[Start of section]

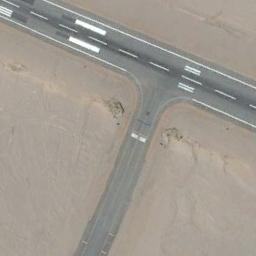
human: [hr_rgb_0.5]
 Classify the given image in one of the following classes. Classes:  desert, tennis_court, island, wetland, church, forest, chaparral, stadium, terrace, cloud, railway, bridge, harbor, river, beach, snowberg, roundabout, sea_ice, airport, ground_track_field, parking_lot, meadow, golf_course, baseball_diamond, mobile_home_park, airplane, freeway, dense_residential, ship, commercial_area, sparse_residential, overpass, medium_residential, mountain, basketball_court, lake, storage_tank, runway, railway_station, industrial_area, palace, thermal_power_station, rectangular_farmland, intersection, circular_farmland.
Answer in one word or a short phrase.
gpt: runway
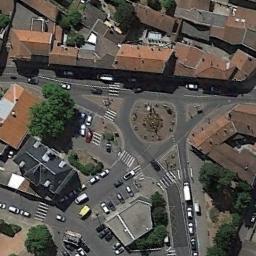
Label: roundabout
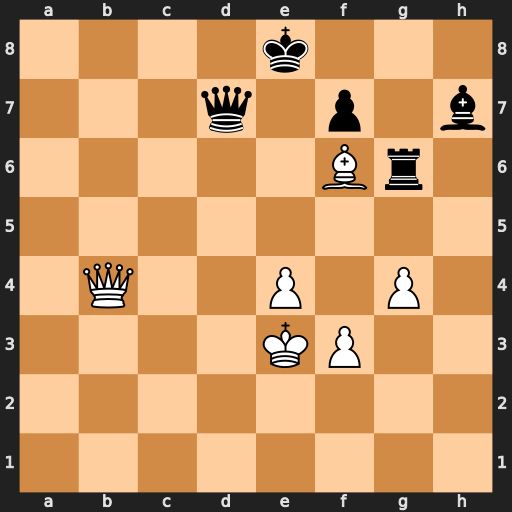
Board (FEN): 4k3/3q1p1b/5Br1/8/1Q2P1P1/4KP2/8/8
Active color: w
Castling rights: -
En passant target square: -
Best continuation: Qb8+ Qc8 Qxc8#
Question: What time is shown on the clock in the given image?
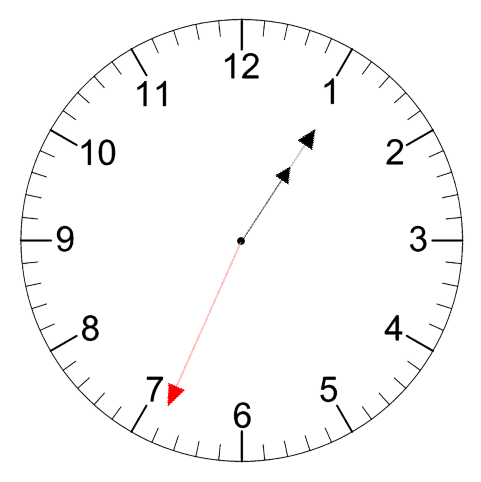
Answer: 01:05:34
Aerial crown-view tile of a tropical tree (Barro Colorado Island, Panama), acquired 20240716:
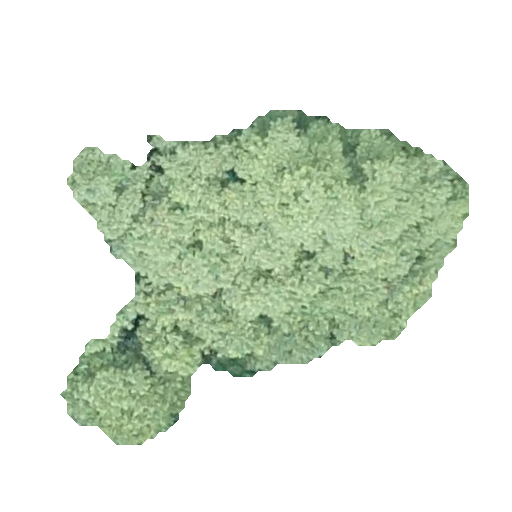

[End of section]

▶ _Directions_: In the listing above, find each line containing "given" and copy it.

▶ _Your response_:
 Classify the given image in one of the following classes. Classes:  desert, tennis_court, island, wetland, church, forest, chaparral, stadium, terrace, cloud, railway, bridge, harbor, river, beach, snowberg, roundabout, sea_ice, airport, ground_track_field, parking_lot, meadow, golf_course, baseball_diamond, mobile_home_park, airplane, freeway, dense_residential, ship, commercial_area, sparse_residential, overpass, medium_residential, mountain, basketball_court, lake, storage_tank, runway, railway_station, industrial_area, palace, thermal_power_station, rectangular_farmland, intersection, circular_farmland.
Question: What time is shown on the clock in the given image?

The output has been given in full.